DATA SECTION:
++++

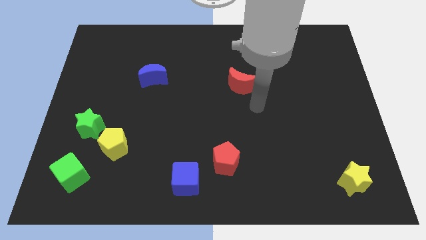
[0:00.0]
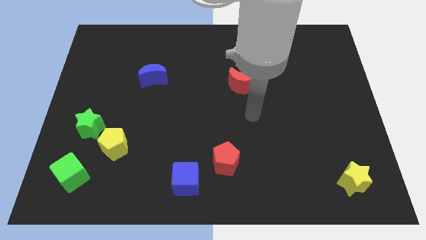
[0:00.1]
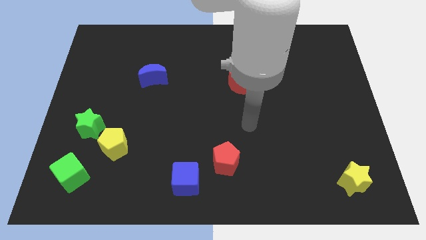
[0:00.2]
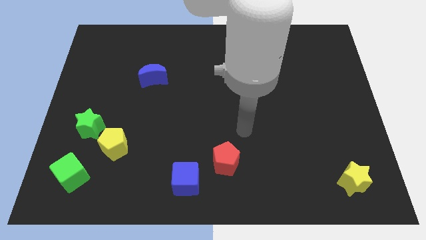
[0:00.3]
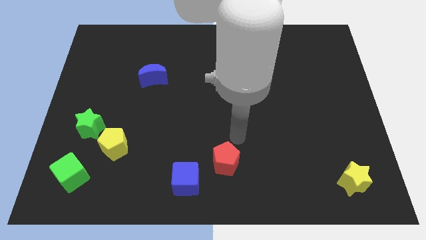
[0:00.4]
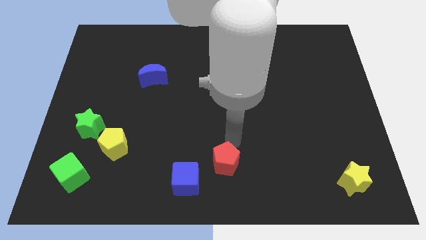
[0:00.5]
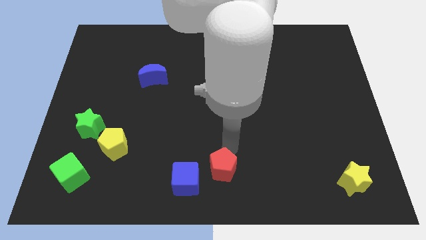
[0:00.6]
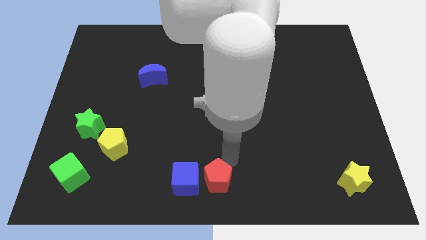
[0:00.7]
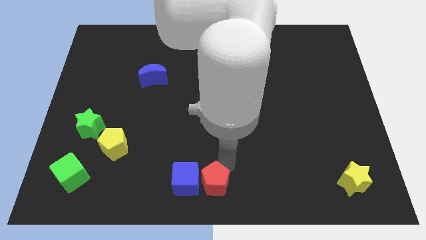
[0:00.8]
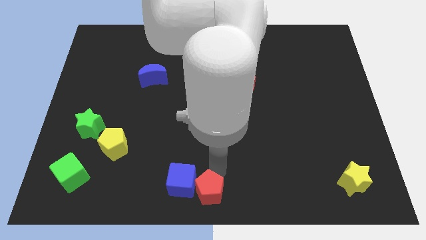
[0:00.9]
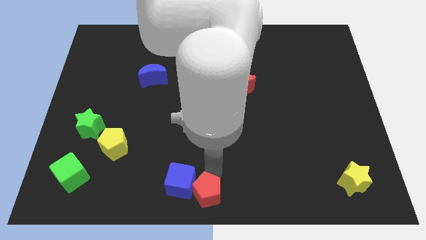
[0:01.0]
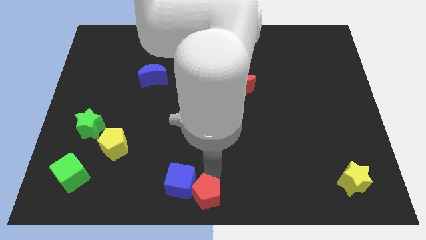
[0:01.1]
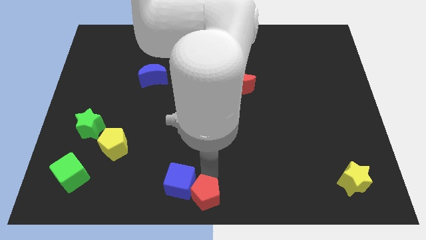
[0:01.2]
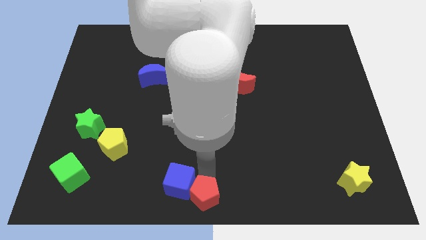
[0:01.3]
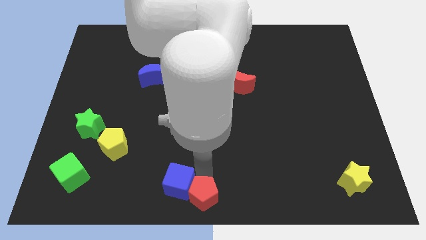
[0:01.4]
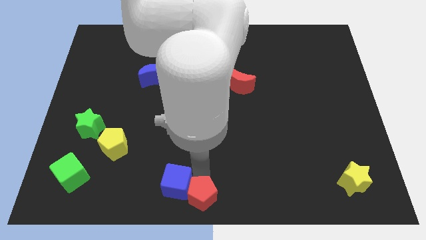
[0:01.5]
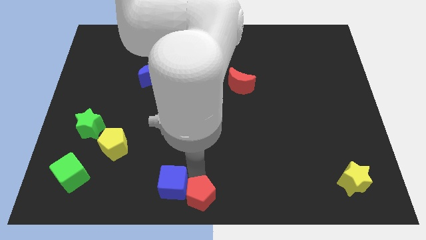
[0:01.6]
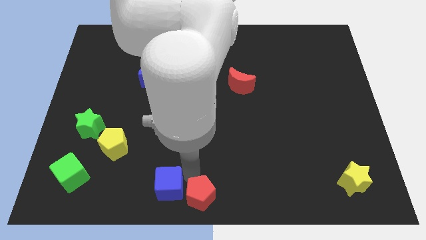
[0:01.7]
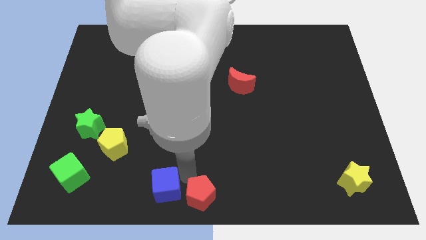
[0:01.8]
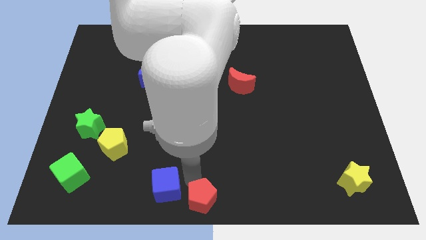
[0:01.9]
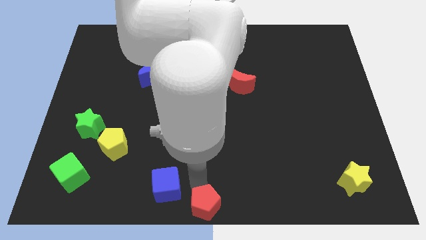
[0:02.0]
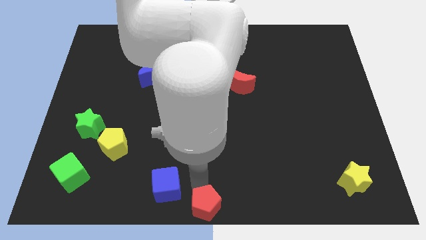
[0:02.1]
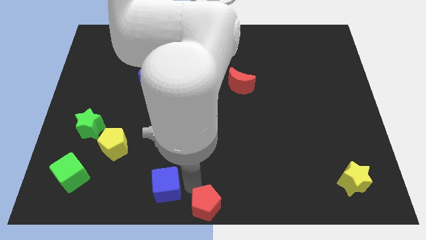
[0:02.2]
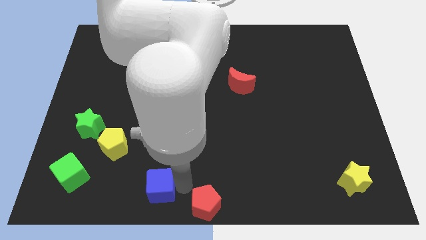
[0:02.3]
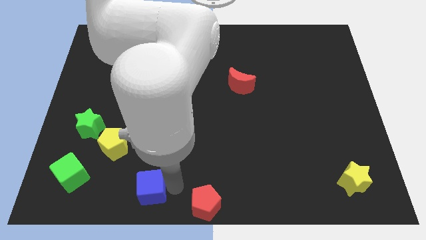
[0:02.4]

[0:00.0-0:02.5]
push the blue cube to the left slightly

++++

YOUR ASSIGNMENT: Copy the listing character for character, pictures omitted.

THE COMPLETED TASK:
[0:00.0]
[0:00.1]
[0:00.2]
[0:00.3]
[0:00.4]
[0:00.5]
[0:00.6]
[0:00.7]
[0:00.8]
[0:00.9]
[0:01.0]
[0:01.1]
[0:01.2]
[0:01.3]
[0:01.4]
[0:01.5]
[0:01.6]
[0:01.7]
[0:01.8]
[0:01.9]
[0:02.0]
[0:02.1]
[0:02.2]
[0:02.3]
[0:02.4]

[0:00.0-0:02.5]
push the blue cube to the left slightly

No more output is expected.